Set the material down again exactly, line by line, skipping each picture.

** ENTRIES SHOWN follows **

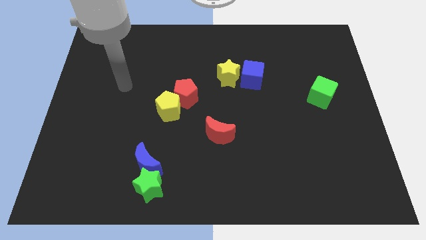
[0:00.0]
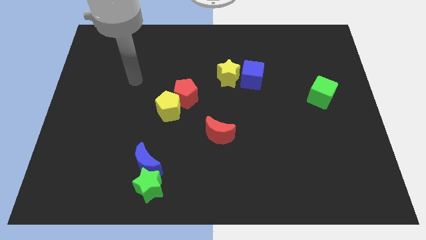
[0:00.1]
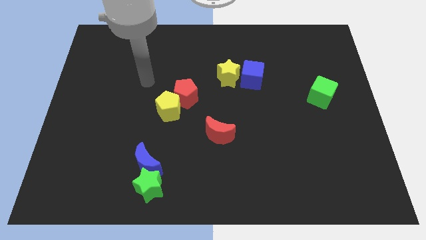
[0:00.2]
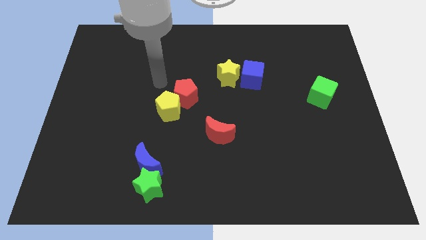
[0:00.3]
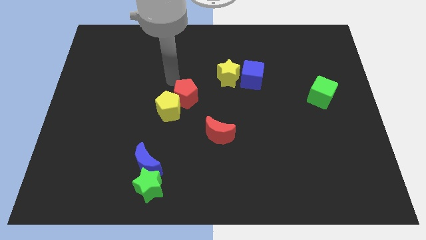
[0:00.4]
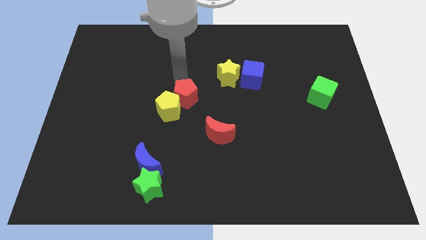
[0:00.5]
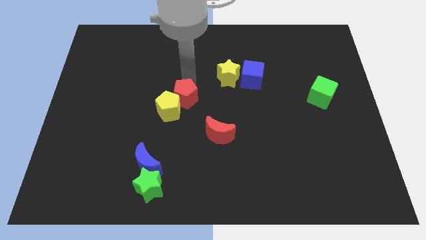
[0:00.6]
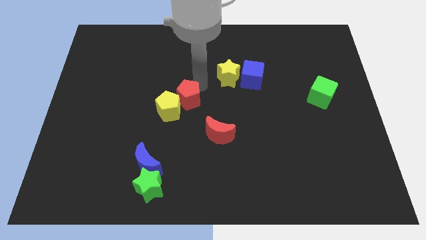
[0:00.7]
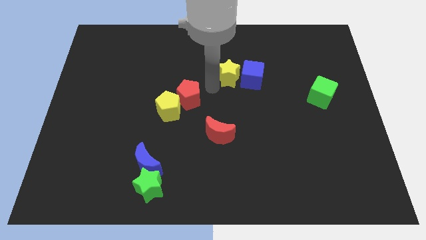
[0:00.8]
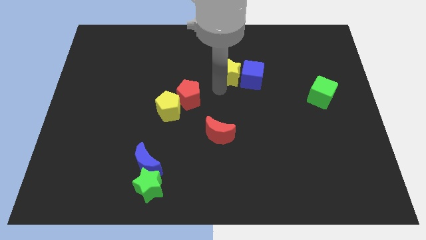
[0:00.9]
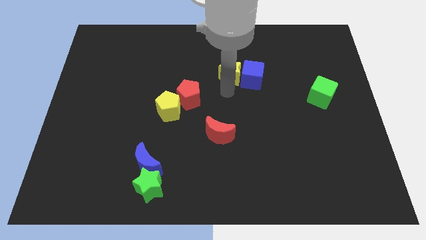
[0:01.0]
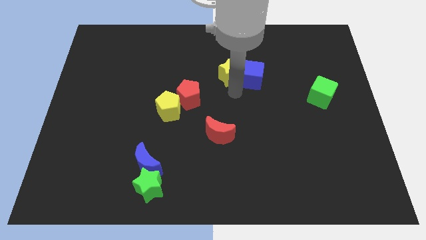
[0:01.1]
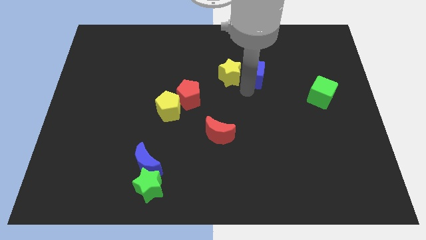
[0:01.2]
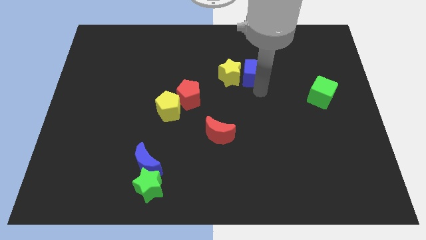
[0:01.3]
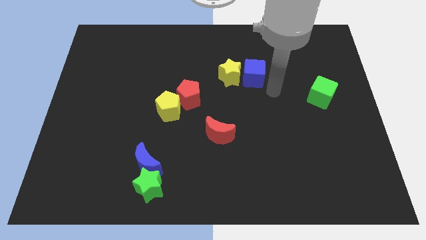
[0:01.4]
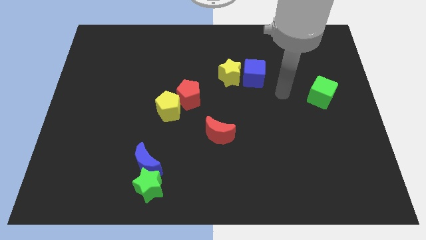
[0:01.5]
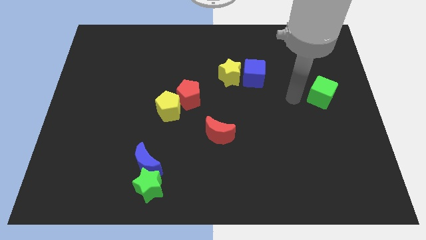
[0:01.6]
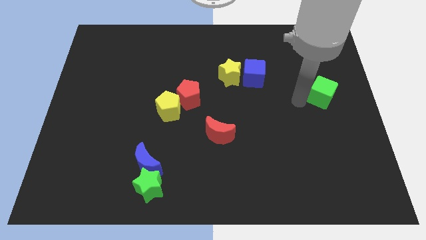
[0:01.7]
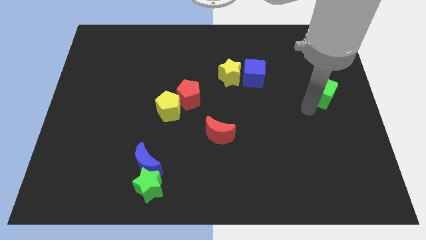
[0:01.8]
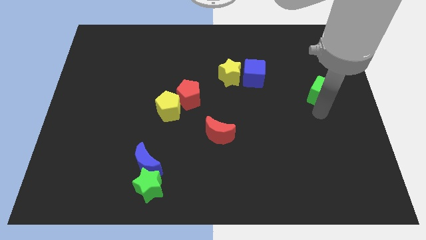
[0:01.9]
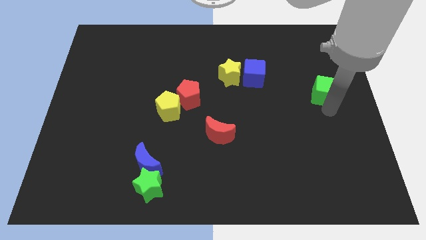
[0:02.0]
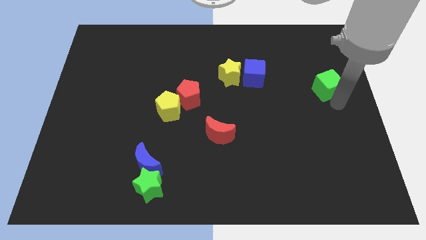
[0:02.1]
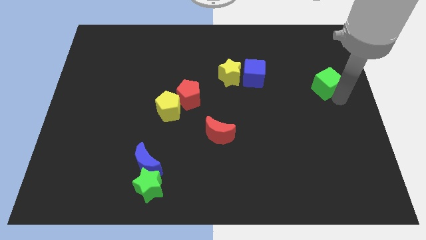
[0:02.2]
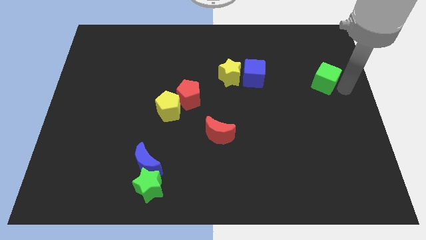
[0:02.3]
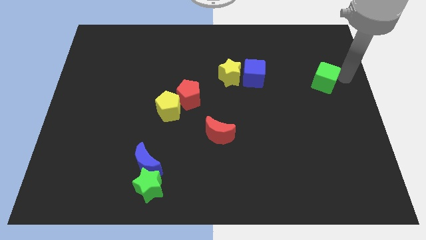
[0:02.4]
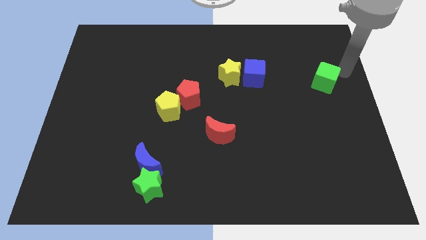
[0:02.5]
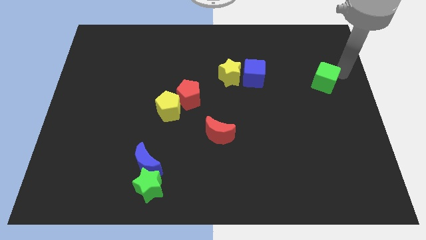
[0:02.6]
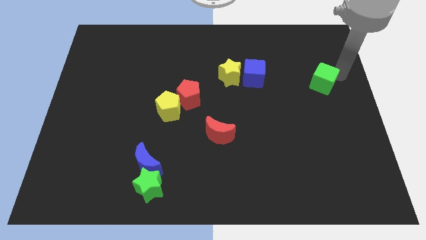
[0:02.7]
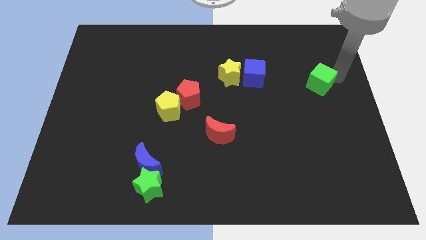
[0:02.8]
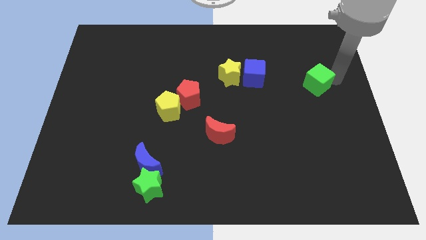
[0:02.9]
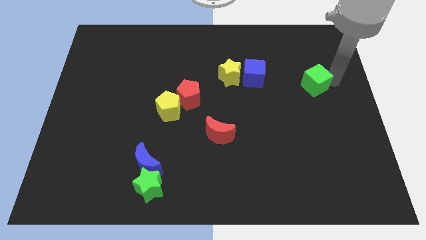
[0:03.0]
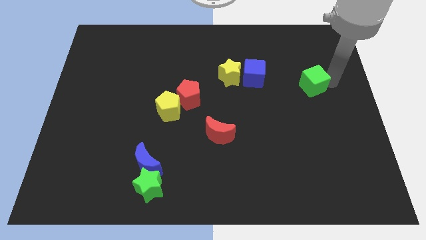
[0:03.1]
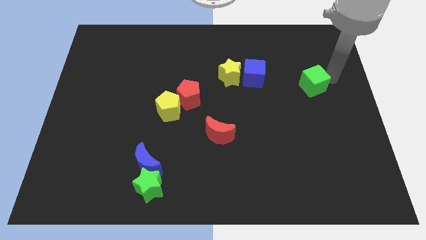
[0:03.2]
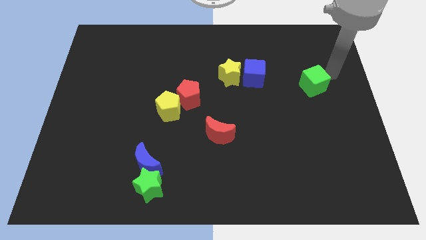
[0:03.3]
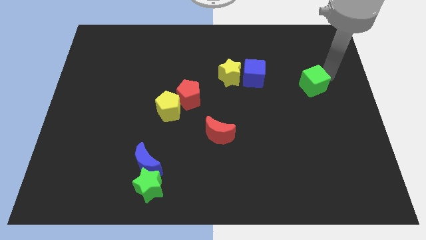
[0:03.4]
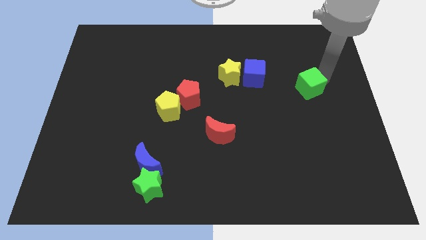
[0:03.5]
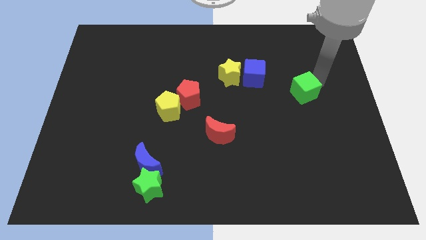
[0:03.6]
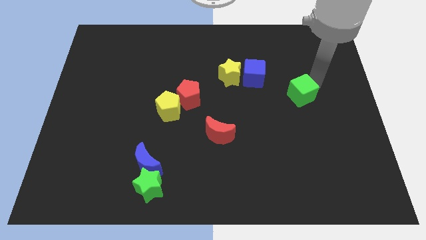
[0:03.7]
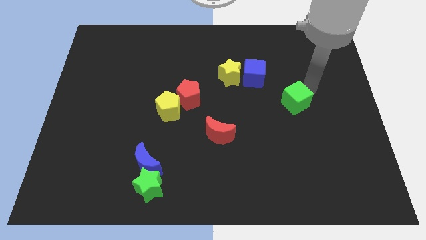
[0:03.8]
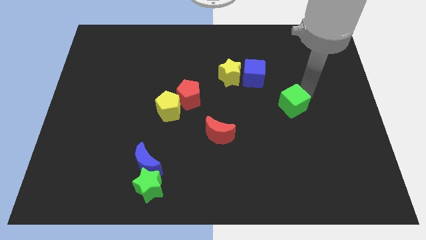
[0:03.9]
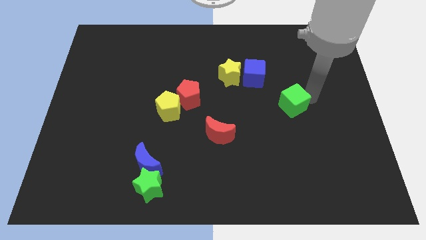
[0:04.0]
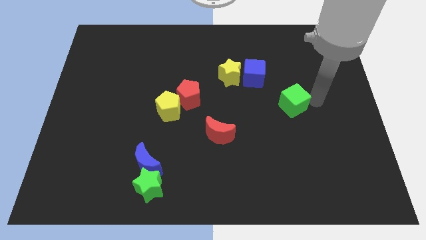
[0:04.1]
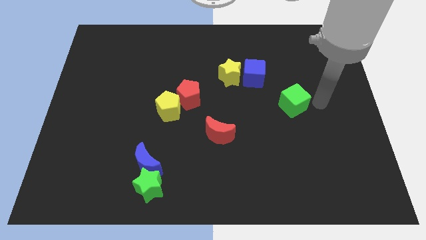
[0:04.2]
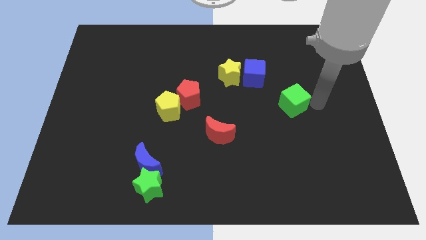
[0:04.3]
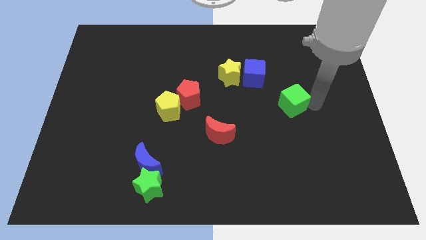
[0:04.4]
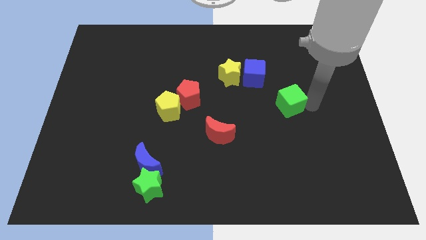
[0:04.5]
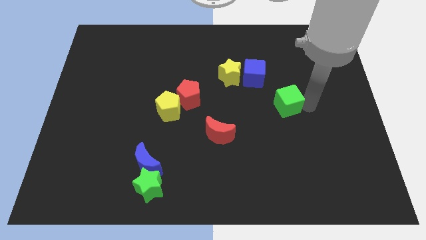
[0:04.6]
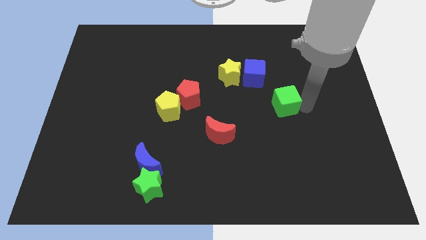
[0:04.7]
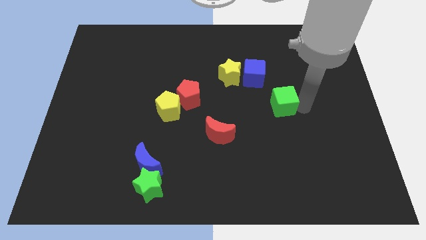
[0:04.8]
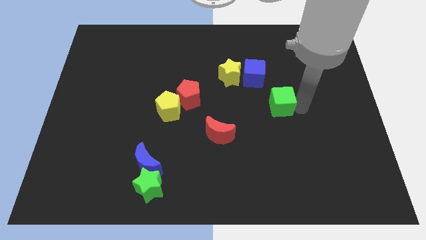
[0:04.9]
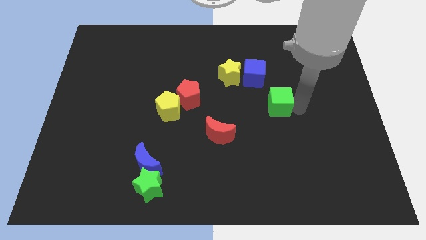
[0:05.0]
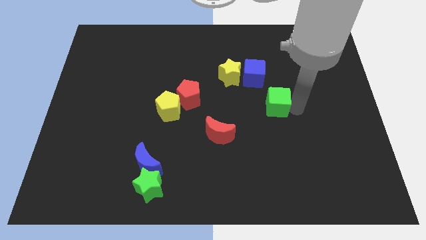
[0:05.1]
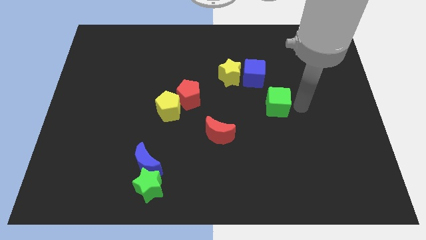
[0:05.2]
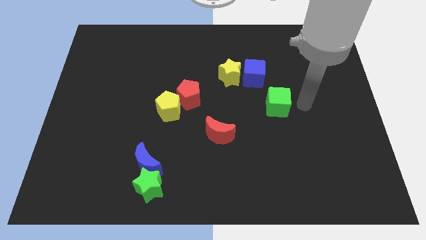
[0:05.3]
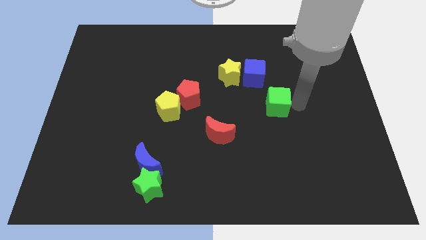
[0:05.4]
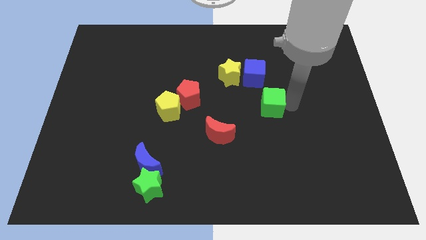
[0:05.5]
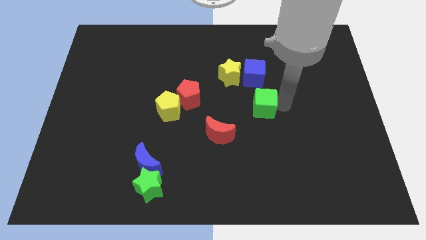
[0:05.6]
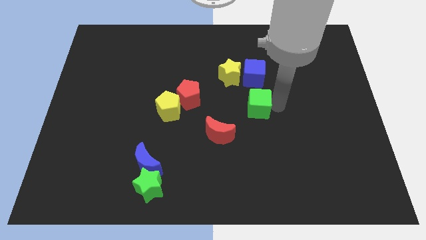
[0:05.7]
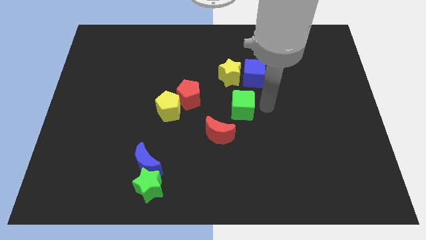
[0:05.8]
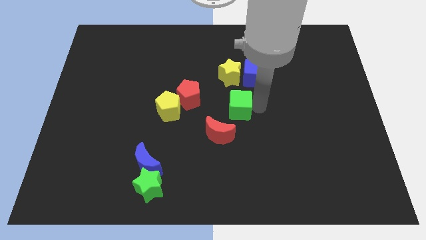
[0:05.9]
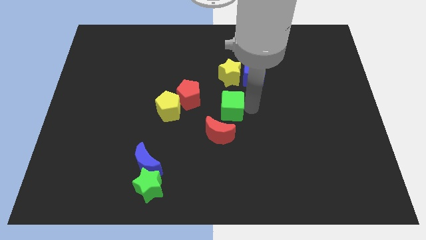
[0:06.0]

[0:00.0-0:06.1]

** End of ENTRIES SHOWN **

◆ **RESPONSE**
[0:00.0]
[0:00.1]
[0:00.2]
[0:00.3]
[0:00.4]
[0:00.5]
[0:00.6]
[0:00.7]
[0:00.8]
[0:00.9]
[0:01.0]
[0:01.1]
[0:01.2]
[0:01.3]
[0:01.4]
[0:01.5]
[0:01.6]
[0:01.7]
[0:01.8]
[0:01.9]
[0:02.0]
[0:02.1]
[0:02.2]
[0:02.3]
[0:02.4]
[0:02.5]
[0:02.6]
[0:02.7]
[0:02.8]
[0:02.9]
[0:03.0]
[0:03.1]
[0:03.2]
[0:03.3]
[0:03.4]
[0:03.5]
[0:03.6]
[0:03.7]
[0:03.8]
[0:03.9]
[0:04.0]
[0:04.1]
[0:04.2]
[0:04.3]
[0:04.4]
[0:04.5]
[0:04.6]
[0:04.7]
[0:04.8]
[0:04.9]
[0:05.0]
[0:05.1]
[0:05.2]
[0:05.3]
[0:05.4]
[0:05.5]
[0:05.6]
[0:05.7]
[0:05.8]
[0:05.9]
[0:06.0]

[0:00.0-0:06.1]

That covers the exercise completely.